The zygomaticomandibularis muscle is only reported from the Trionychidae (Schumacher 1973). However, surveys of the jaw musculature of living turtles are still incomplete and careful study of the homology of this muscle and the identification of criteria for its detection in fossil skulls remain to be established. However, the possibility that further study of this muscle might help to elucidate relationships of the Sandownidae should not be overlooked. Sandownia harrisi would appear to have the same depressed area below the coronoid on the lateral surface of the jaw (Meylan et al. 2000, Fig. 4c).
Other important characteristics of the Trionychia are clearly absent from members of Sandownidae including parietal contribution to the processus trochlearis oticum (character 74) and the enlarged basisphenoid (character 79).

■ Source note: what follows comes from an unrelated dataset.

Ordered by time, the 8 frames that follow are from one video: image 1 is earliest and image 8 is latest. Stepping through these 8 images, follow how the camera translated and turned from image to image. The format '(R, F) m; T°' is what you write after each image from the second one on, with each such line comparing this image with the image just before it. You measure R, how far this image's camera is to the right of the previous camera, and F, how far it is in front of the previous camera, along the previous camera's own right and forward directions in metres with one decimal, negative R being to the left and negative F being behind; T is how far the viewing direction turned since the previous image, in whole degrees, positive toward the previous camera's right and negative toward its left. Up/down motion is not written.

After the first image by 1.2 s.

In fact the basisphenoid is reduced (at least in ventral exposure) in sandownids. Furthermore, Brachyopsemys has a large foramen stapedio-temporale which is much larger than the foramen anterius canalis carotici interni. This suggests that it lacks ‘decrease of stapedial circulation and increase of carotid circulation’, a feature previously considered a synapomorphy of Trionychoidea (Meylan and Gaffney 1989). Recent studies on the cranial circulation of turtles do not support the monophyly of Trionychoidea (Trionychoidae plus Kinosternoidae) (Jamniczky and Russell 2007; Jamniczky 2008), as is also the case for recent molecular phylogenies (Shaffer et al. 1997; Fujita et al. 2004). The enlarged foramen stapedio-temporale in Brachyopsemys may represent a primitive condition as seen in Testudinoidea, primitive cheloniids and also plesiochelyids.

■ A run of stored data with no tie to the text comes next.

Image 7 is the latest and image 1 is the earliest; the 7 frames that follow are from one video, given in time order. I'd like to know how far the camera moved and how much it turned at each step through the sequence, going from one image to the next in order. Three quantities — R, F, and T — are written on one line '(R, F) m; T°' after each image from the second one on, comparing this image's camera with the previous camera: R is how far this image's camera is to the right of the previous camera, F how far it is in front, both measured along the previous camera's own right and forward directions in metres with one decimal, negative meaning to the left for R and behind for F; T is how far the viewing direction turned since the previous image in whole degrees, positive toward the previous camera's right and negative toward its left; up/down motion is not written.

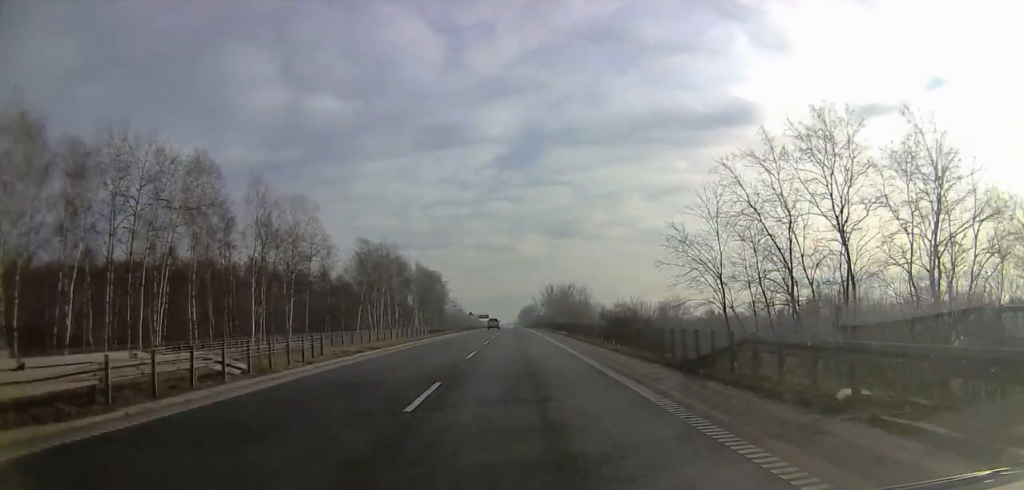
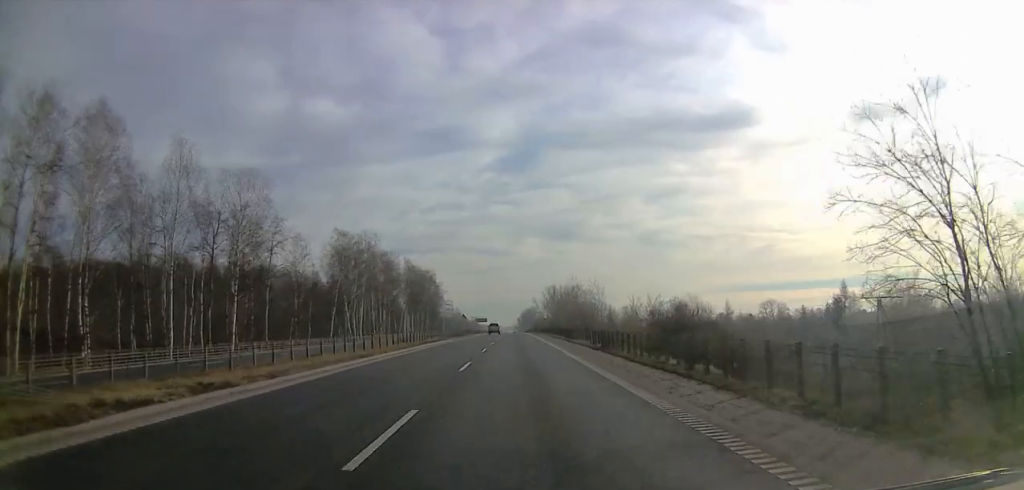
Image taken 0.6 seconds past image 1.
(+0.4, +15.4) m; 0°
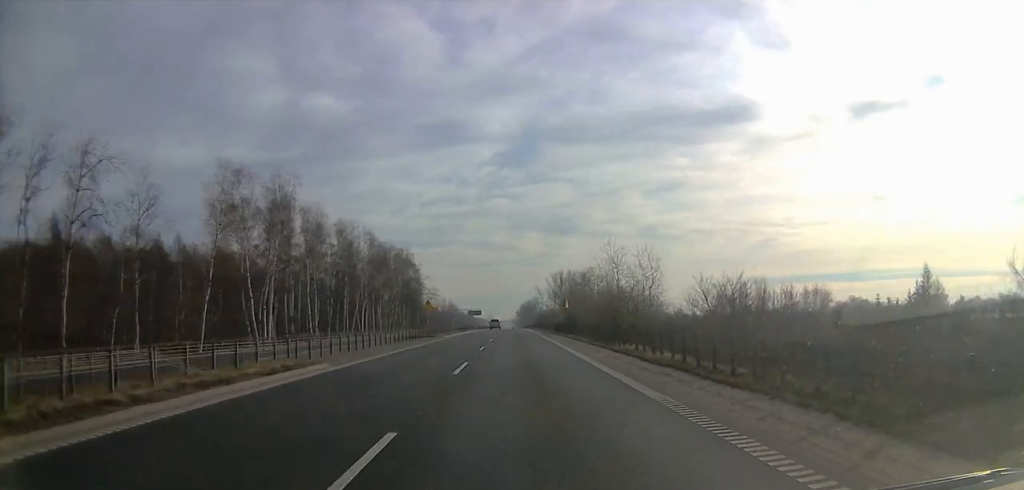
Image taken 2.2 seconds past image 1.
(-0.9, +38.4) m; -3°
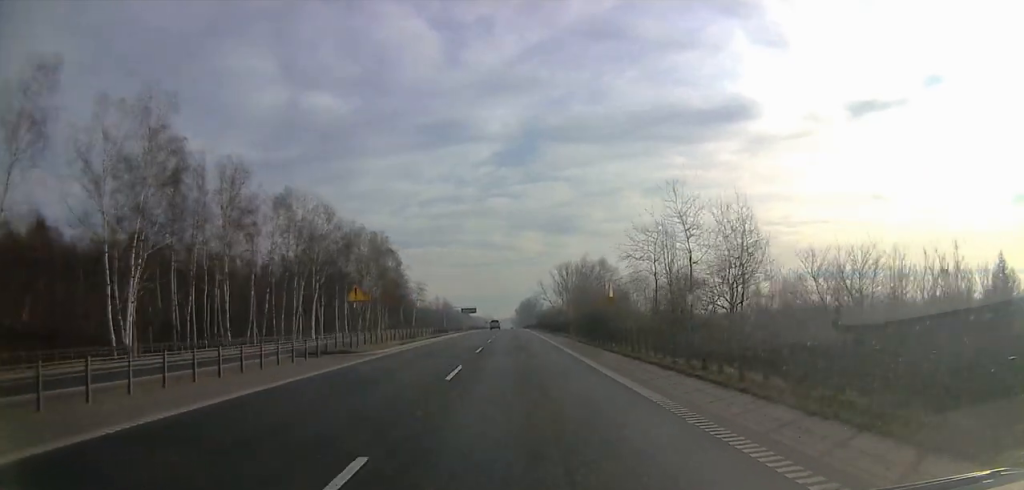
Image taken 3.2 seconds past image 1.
(-0.1, +25.9) m; +1°
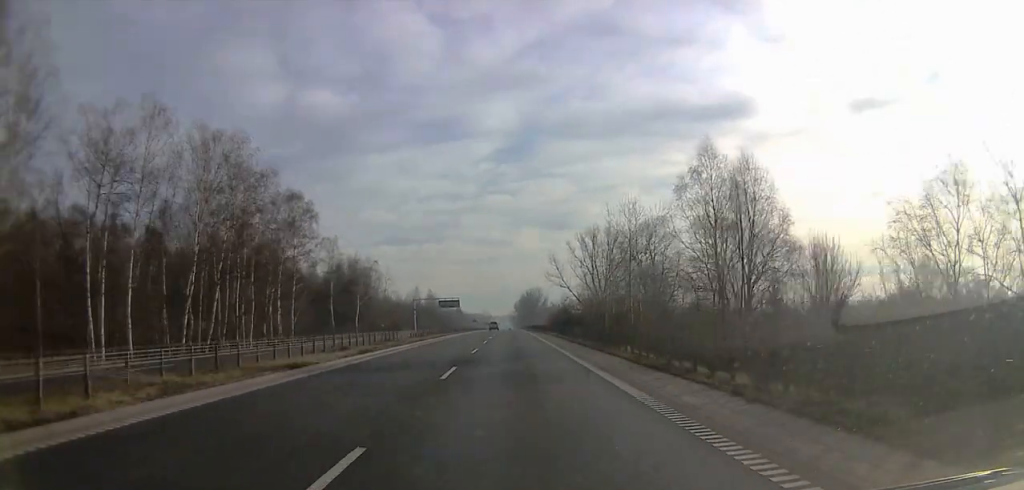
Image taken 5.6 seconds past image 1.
(+0.4, +61.1) m; -1°
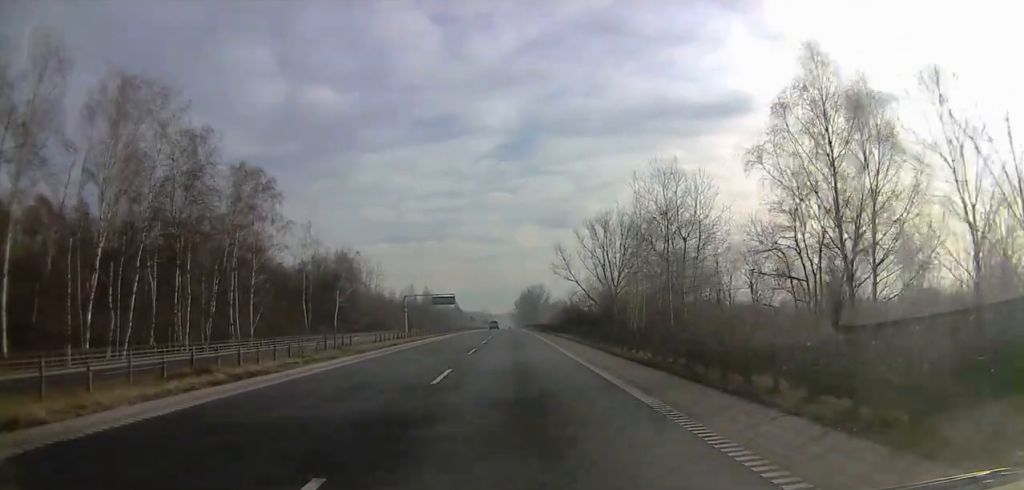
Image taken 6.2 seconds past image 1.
(0.0, +13.5) m; 0°
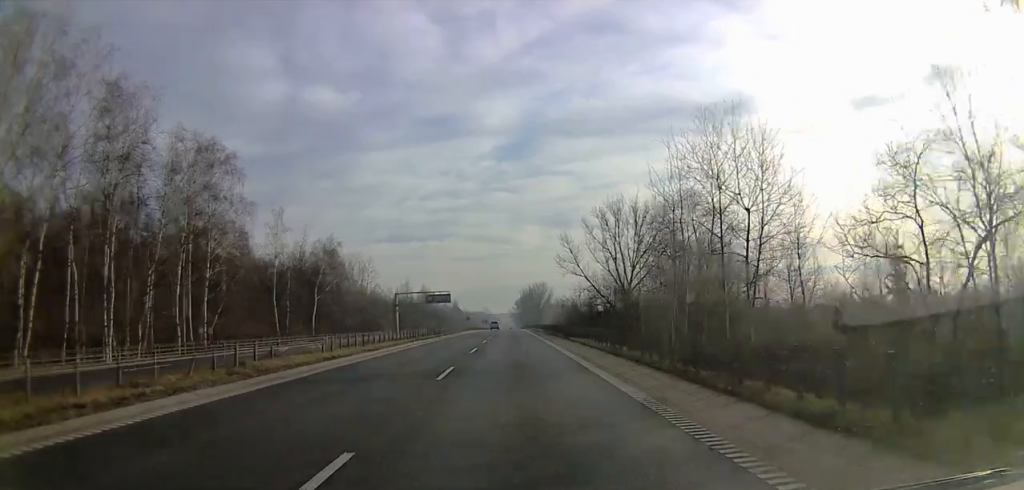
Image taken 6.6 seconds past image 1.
(-0.1, +10.7) m; 0°

Chelonioid Features of Sandownidae
The most apparent suite of chelonioid characters of Sandownidae is a set of correlated characters of the skull roof. Because of strong parietal-squamosal contact (character 15), temporal exposure of the postorbital (character 111) is absent as is the presence of a short postorbital exposed by temporal emargination (character 142). Although contact of the parietal and squamosal is present in Proganochelys quenstedti (Gaffney 1990) and primitive cryptodires such as Dorsetochelys delairi (Evans and Kemp 1976), Mesochelys durlstonensis (Evans and Kemp 1975), and some baenids (Gaffney 1979), posterior exposure of a long postorbital in chelydrids and some potentially basal chelonioids (i.e., Toxochelys latiremis) suggests that the extensive skull roof, that includes parietal-squamosal contact in some members of the Chelonioidea, may be a reversal to the primitive condition.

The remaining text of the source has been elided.